═══ RECORD EXTRACTS ═══

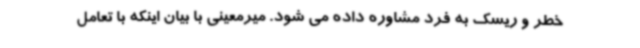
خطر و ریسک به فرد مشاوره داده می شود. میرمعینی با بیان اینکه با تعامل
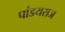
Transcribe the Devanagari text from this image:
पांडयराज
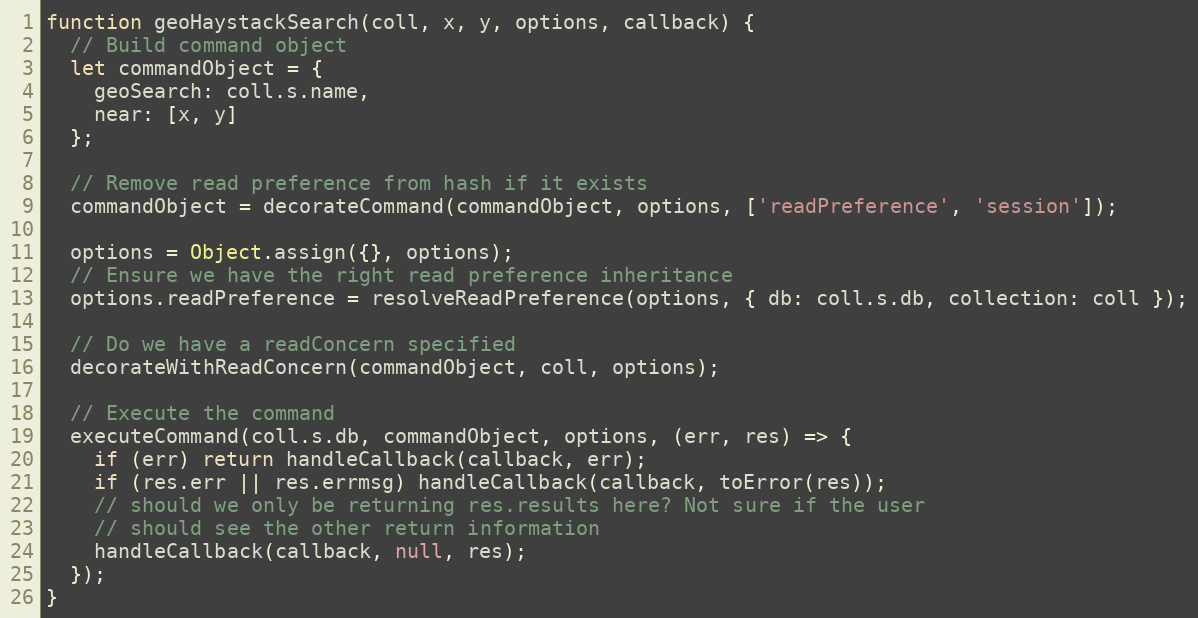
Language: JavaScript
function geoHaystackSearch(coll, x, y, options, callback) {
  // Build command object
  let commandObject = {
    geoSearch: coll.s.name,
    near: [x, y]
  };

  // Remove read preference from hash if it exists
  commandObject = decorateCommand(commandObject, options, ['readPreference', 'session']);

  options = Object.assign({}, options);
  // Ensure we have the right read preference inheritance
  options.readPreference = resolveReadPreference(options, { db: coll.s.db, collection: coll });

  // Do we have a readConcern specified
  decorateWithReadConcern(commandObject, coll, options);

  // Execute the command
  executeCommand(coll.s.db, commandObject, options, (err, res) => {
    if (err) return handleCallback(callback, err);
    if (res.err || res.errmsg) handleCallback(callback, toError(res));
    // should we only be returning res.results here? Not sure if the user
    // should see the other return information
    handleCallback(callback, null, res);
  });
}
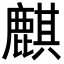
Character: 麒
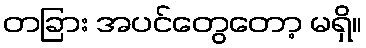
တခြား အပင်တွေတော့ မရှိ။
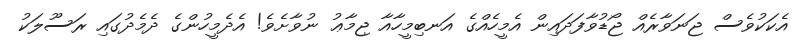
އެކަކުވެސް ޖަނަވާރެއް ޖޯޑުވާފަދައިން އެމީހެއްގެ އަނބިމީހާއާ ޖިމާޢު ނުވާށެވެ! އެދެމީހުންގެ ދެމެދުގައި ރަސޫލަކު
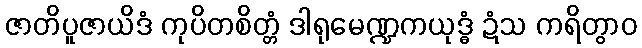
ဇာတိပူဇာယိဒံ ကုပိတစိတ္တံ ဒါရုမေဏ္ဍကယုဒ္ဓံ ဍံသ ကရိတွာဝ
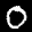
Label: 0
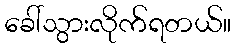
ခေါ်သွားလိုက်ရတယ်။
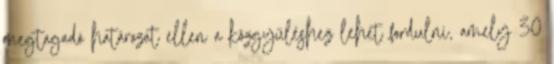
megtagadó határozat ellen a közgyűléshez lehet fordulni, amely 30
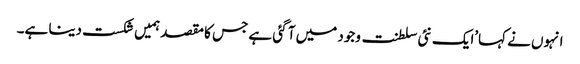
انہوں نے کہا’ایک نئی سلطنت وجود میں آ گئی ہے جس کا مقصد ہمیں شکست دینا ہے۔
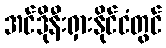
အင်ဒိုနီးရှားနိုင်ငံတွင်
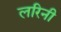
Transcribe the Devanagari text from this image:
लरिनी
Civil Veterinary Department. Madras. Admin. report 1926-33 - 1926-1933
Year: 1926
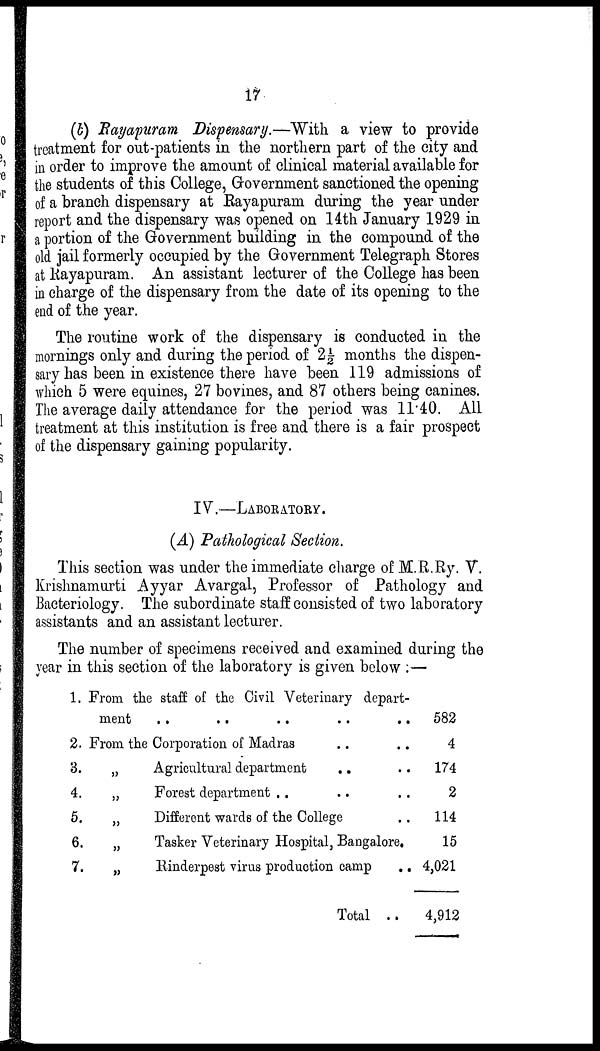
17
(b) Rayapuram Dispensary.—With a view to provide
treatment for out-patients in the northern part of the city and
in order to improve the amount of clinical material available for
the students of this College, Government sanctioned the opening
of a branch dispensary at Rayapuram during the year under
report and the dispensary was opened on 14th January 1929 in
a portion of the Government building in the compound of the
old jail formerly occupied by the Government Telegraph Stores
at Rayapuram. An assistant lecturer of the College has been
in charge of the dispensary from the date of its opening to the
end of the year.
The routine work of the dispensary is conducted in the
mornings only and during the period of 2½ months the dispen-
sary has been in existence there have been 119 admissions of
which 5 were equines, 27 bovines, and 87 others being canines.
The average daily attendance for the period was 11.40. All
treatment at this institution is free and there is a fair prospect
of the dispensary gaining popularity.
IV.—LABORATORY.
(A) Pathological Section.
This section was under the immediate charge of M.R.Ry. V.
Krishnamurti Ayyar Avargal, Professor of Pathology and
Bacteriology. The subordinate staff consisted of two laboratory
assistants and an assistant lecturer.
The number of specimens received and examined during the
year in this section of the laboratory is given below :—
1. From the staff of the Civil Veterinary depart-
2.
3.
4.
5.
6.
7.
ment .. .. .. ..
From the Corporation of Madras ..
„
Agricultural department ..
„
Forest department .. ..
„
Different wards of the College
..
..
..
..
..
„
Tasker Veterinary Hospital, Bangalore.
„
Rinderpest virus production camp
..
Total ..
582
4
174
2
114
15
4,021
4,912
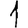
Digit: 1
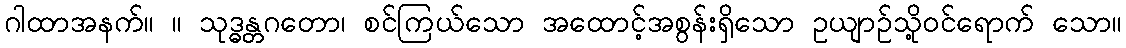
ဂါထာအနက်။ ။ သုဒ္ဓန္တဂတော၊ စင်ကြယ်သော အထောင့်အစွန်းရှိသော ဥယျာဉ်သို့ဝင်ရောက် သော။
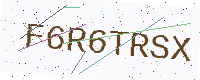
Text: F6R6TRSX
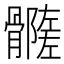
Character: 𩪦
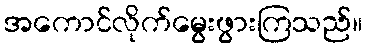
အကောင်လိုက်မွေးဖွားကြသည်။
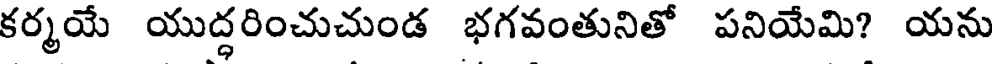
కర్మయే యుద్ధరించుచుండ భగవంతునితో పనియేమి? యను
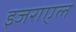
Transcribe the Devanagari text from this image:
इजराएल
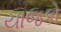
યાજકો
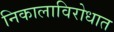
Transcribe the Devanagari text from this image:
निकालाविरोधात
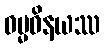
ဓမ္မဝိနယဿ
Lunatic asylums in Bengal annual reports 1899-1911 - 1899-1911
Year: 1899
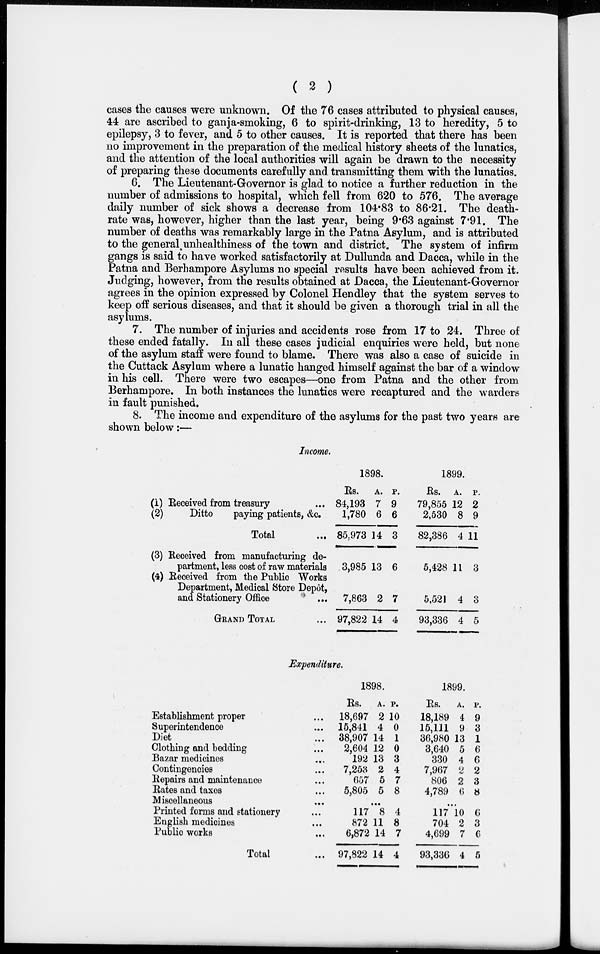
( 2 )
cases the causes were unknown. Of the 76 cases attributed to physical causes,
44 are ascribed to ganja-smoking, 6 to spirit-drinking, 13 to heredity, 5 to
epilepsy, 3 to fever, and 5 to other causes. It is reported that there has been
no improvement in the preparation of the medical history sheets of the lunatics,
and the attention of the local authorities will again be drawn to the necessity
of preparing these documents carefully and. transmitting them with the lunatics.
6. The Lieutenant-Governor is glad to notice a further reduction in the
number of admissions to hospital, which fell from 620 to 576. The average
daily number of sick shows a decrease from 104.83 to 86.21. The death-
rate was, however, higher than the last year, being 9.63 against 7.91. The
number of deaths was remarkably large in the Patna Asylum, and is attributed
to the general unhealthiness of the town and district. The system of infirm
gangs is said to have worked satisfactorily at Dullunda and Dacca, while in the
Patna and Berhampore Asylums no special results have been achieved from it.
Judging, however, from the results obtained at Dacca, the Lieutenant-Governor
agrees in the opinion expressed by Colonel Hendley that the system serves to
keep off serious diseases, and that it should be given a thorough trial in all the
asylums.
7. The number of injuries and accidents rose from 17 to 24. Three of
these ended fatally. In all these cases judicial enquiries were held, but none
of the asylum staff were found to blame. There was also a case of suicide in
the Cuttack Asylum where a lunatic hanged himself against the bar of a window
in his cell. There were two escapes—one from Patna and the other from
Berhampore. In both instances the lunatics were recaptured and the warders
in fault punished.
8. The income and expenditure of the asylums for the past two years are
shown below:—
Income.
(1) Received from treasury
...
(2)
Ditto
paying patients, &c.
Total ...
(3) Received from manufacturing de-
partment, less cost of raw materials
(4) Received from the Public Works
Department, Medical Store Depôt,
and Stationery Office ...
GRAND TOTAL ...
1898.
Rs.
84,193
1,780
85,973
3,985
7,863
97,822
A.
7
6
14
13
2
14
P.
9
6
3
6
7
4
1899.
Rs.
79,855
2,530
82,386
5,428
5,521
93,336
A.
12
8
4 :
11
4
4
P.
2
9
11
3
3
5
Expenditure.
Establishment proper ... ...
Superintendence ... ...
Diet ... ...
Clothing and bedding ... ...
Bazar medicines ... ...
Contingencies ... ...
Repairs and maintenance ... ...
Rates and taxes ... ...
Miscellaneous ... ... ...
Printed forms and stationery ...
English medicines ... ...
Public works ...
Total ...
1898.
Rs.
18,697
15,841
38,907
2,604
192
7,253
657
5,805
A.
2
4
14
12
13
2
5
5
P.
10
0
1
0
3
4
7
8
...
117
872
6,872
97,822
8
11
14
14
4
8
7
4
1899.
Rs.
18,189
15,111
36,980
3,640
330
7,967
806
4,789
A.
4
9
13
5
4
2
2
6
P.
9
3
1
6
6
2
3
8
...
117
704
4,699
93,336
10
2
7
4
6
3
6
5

═══

▸ ASSIGNMENT
Only a number is wanted: how many lines of the material above hold "lunatics"?

▸ SOLUTION BELOW
3